We are all using graphs for a reason - in many cases, it's because the graph model presents an intuitive view of the data. Unfortunately, the most elegant graph data models can often be stymied by bad visualizations that obscure rather than enlighten. In this talk, Christian Miles will discuss a number of bad practices in graph visualization that are surprisingly common. He will then outline graph visualization best practices to help create visual interfaces to graph data that convey useful insight into the data.

Visualizing Graph Data - Moving Beyond Node Views

Lynn Pausic - Expero

When people talk about visualizing graph data, what typically comes to mind is the canonical node view. Node views typically display nodes (vertex) and the relationships (edge) between them.

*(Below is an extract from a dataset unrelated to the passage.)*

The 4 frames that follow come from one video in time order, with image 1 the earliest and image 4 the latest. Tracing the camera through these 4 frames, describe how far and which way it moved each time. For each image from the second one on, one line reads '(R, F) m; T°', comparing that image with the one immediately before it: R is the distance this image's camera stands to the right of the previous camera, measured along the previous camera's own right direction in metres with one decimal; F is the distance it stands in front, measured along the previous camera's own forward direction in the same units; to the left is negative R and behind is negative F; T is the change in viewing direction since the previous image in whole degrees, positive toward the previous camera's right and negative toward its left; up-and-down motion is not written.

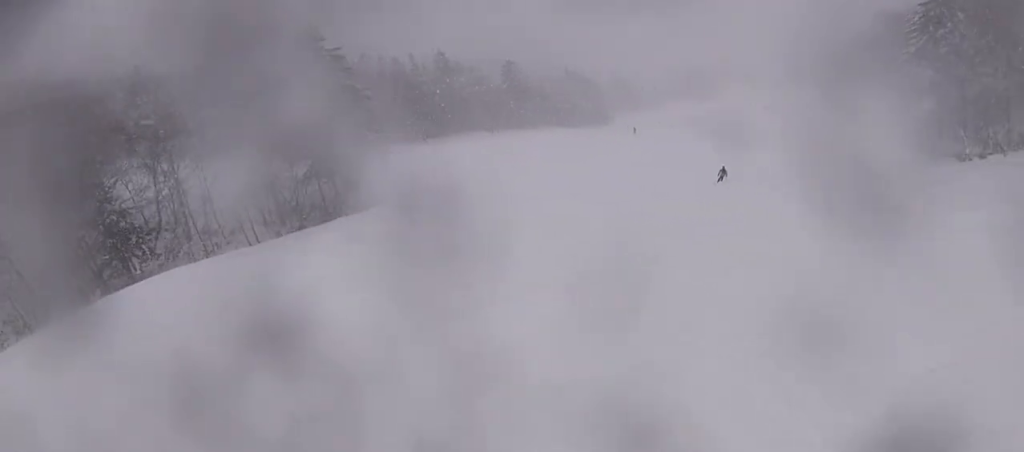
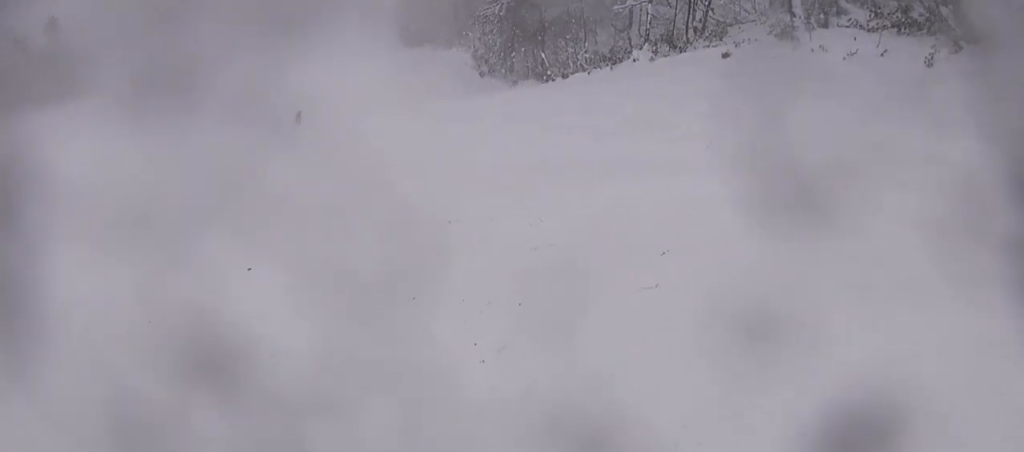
(+3.2, +5.7) m; +22°
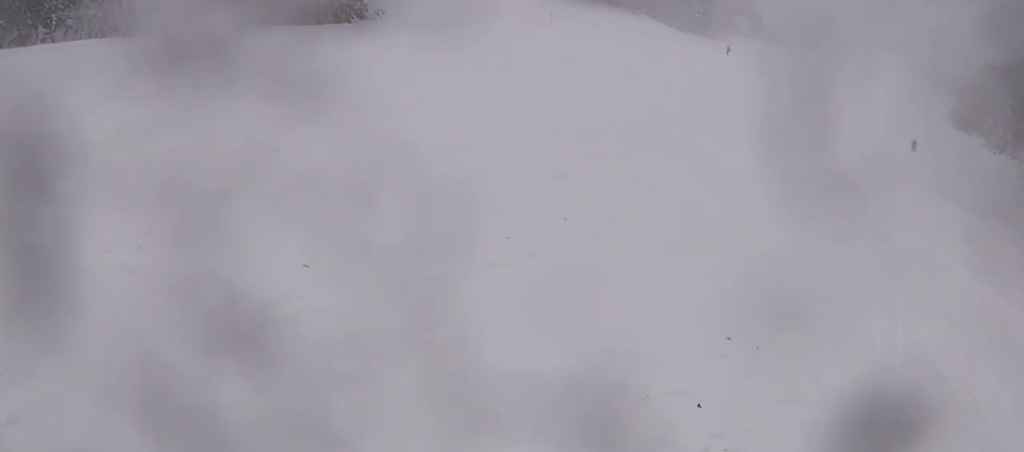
(-3.9, +9.3) m; -57°
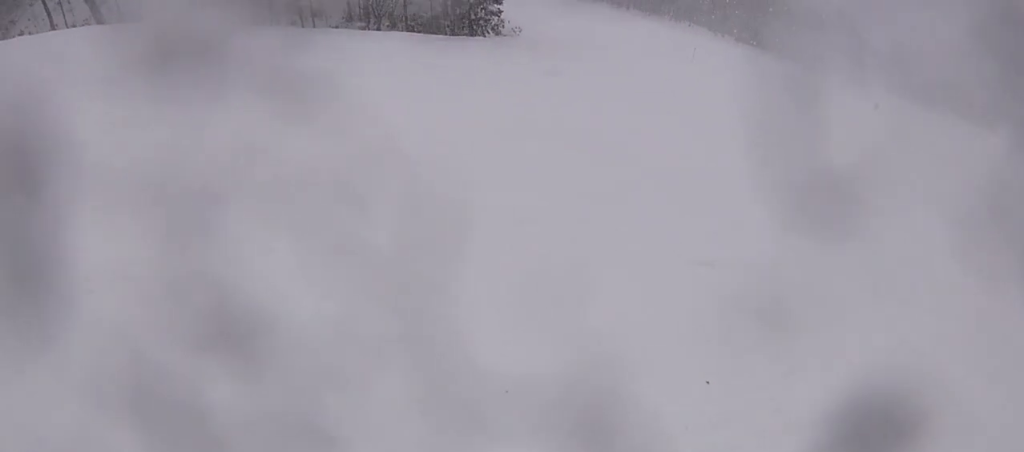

With large data sets consisting of millions of vertices and edges, node views can quickly become unwieldy to use and comprehend. Traditional UI patterns and visualizations conceived for relational schemas often don’t work with graph data. Relational schemas are predefined and relatively static making it easy to tailor UI navigation to the available data dimensions. Due to the distinct mathematical nature of graph data, traversing data in a graph is fairly different. While this presents additional challenges, there are also opportunities. Traversing a graph with certain algorithms allows you to, for example, show key influencers in social networks, clusters of communities in customer reviews or weak points in electrical grids. These new insights into data provide novel tools to craft the user experience. But this opportunity comes at a price, namely more complexity. Through building and deploying dozens of applications driven by graph data, we’ve developed a unique approach to building UIs driven by graph data and arsenal of data visualizations that work well across broad range of contexts. In this talk we’ll share various tools and examples for displaying graph data in meaningful ways to users.

Knowledge Graphs for AI

Mike Tung - Diffbot

Leveraging structured knowledge, about your organization as well as the outside world, will be a critical ingredient in the design of the next wave of intelligent applications—for everything from new app experiences, to search assistants, to enterprise business intelligence. This talk will give a review of the current open source and commercial knowledge graphs and how consumer and business applications are already taking advantage of these to provide intelligent experiences and enhanced business efficiency.

Distributed ACID with JanusGraph on FoundationDB

Ted Wilmes - Expero

The popular open source JanusGraph property graph database supports a variety of different storage layers, each with their own operating characteristics and constraints, but up until now has not had a distributed ACID option. Earlier this year, Apple announced the open sourcing of FoundationDB, a high performance distributed key-value store with ACID guarantees. Could this be a match made in distributed serializable graph isolation heaven? This talk will explore this question in detail, starting with an overview of FoundationDB, followed by a discussion of why ACID matters in a graph database. We’ll finish with the implementation details of the new, experimental JanusGraph FoundationDB adapter and early performance results.